THE BSP said full year 2023 BOP position posted a surplus of $3.7 billion, a turnaround from the $7.3 billion deficit recorded in 2022.

With this, the country’s gross internatio­nal reserves (GIR) amounted to $103.8 billion as of end-december 2023, higher than the $96.1 billion level registered as of end-december 2022.

“The BOP surplus was driven by the contractio­n of the current account deficit along with the expansion of the financial account net inflows,” BSP said.

In the fourth quarter, the country’s BOP position registered a surplus of $1.9 billion in the fourth quarter of 2023. This was more than three times the $568-million surplus recorded in the fourth quarter of 2022.

“The higher BOP surplus was supported by a significan­t increase in net inflows in the financial account. Meanwhile, the current account registered a higher deficit in the fourth quarter of 2023,” BSP said.

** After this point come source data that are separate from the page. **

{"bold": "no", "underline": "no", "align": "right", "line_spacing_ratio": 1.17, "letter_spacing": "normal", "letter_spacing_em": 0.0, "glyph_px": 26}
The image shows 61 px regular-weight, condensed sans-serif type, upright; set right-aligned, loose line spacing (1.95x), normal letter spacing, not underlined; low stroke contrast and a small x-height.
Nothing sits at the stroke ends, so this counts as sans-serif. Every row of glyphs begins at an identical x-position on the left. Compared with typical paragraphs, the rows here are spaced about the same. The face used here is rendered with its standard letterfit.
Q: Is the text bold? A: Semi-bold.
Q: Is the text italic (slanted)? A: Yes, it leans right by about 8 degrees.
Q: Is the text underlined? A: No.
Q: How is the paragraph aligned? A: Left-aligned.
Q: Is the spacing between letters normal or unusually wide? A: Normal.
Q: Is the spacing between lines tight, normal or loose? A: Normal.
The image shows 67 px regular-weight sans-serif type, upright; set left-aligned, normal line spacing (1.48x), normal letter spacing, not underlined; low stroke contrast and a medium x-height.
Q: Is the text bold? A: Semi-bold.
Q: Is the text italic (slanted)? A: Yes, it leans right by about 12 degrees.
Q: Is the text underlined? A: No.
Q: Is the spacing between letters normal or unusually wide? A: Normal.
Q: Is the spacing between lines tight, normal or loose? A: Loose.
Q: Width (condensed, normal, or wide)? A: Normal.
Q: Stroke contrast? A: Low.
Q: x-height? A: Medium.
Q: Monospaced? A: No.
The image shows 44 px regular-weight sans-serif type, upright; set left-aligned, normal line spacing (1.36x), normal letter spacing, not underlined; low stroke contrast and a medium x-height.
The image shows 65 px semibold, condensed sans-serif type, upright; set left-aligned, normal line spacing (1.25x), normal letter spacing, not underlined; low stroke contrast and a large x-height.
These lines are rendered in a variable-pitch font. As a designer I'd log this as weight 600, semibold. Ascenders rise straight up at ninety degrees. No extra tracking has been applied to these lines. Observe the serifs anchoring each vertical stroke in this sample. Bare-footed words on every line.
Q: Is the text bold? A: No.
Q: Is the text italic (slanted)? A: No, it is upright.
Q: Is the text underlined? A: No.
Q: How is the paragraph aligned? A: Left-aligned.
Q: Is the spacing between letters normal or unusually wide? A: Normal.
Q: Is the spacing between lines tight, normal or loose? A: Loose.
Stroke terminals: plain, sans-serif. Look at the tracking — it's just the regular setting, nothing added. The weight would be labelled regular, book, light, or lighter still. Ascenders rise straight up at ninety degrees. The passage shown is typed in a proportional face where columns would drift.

The data showed the country’s current account (CA) recorded a deficit of $11.2 billion in 2023, lower by 38.6 percent than the $18.3 billion deficit in 2022.

The BSP said the lower CA was due to a narrower trade in goods deficit. There was an increase in trade in services and secondary income accounts.

The data showed that the estimated 91.5 percent of the drop in the imports value and 92.6 percent of the decrease in exports value were due to price changes.